No, this is the rural, small-town Ireland filled with exhilarated sadness, where the rain gets in your shoes, and life is dejected and cold.
It's the Ireland where beer and liquor is omnipresent, but without an opium problem, rarely a drug of choice.
He knew the pharmaceutical tastes of the average Mayoite tended away from those substances that encouraged narcosis, introversion and melancholy -- traits the natives already possessed in massive hereditary infusions -- in favour of uppers, addys and coke and speed; drugs designed to rev your pulse and blast you out of your head.
The characters are well drawn, mostly losers and not necessarily likeable, but surprisingly able to carry the tale. The writing is knowing and sympathetic, drawing on their backgrounds and upbringings to paint a full picture of their flaws and traumas. The overall story is compelling and insightful, although little changes in their lives.

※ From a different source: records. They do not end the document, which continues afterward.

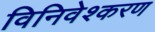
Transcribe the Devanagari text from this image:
विनिवेश्करण
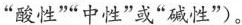
“酸性”“中性”或“碱性”）。
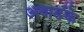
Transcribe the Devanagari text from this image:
अवार्डके
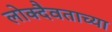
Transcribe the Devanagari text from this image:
लोक्दैवताच्या
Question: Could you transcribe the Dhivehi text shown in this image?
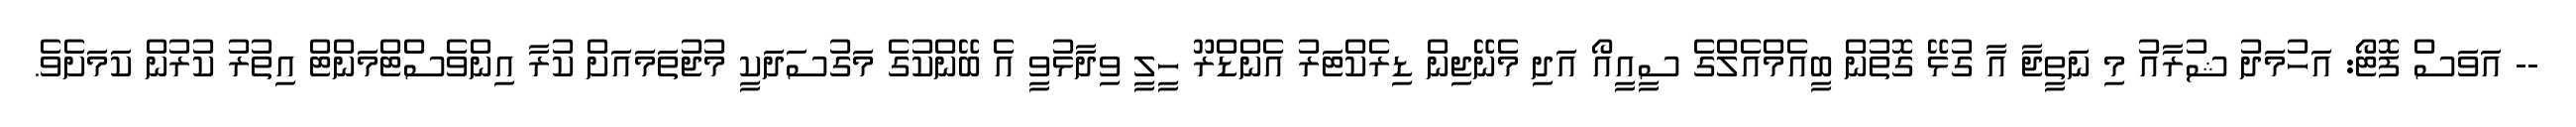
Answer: -- އަވަސް ފޮޓޯ: އަހުމަދު ޝުރާއު މި ނަތީޖާ އާ ގުޅޭ ގޮތުން ބީއެމްއެލްގެ ސީއީއޯ އަދި މެނޭޖިން ޑިރެކްޓަރު އެންޑްރޫ ހީލީ ވިދާޅުވީ އެ ބޭންކުގެ މަގުސަދަކީ މުޖުތަމައަށް ކުރާ އިންވެސްޓްމަންޓް އިތުރު ކުރުން ކަމަށެވެ.
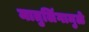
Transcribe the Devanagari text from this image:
मातुलिंगामुळे
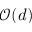
\mathcal O ( d )
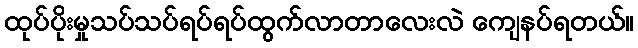
ထုပ်ပိုးမှုသပ်သပ်ရပ်ရပ်ထွက်လာတာလေးလဲ ကျေနပ်ရတယ်။

It's as if the universe is telling us that life goes on, regardless.
They tackled each day, which was usually just like the day before, in a spirit of inured rue.
You start with Dev, a lonely, depressed young man bullied by his classmates, deserted by his father, who now lives alone after his mother died. Asked if it suits him to live in an isolated. decrepit old farmhouse, he shrugs. "It's just -- it's just how it ended up."
There's Gabe and Sketch Ferdia, two hoodlums who do as their told, without knowing or caring why. There's Cillian and Doll English, small-time drug dealers who cross the bosses of the Ferdia brothers. And there's Nicky, Doll's 17-year-old girlfriend, the only one with a hint of ambition, but who allows her friends to thwart even her limited dreams.
To round out the crew, there's an assortment of guilt-instilling Irish mothers and wayward Irish fathers.
When the Ferdias persuade a reluctant Dev to get involved in a complicated plan of revenge against the English boys, we get character studies, tales told through pain and flashback, and some of the finest writing in Ireland today, worthy of being longlisted for the 2024 Booker prize.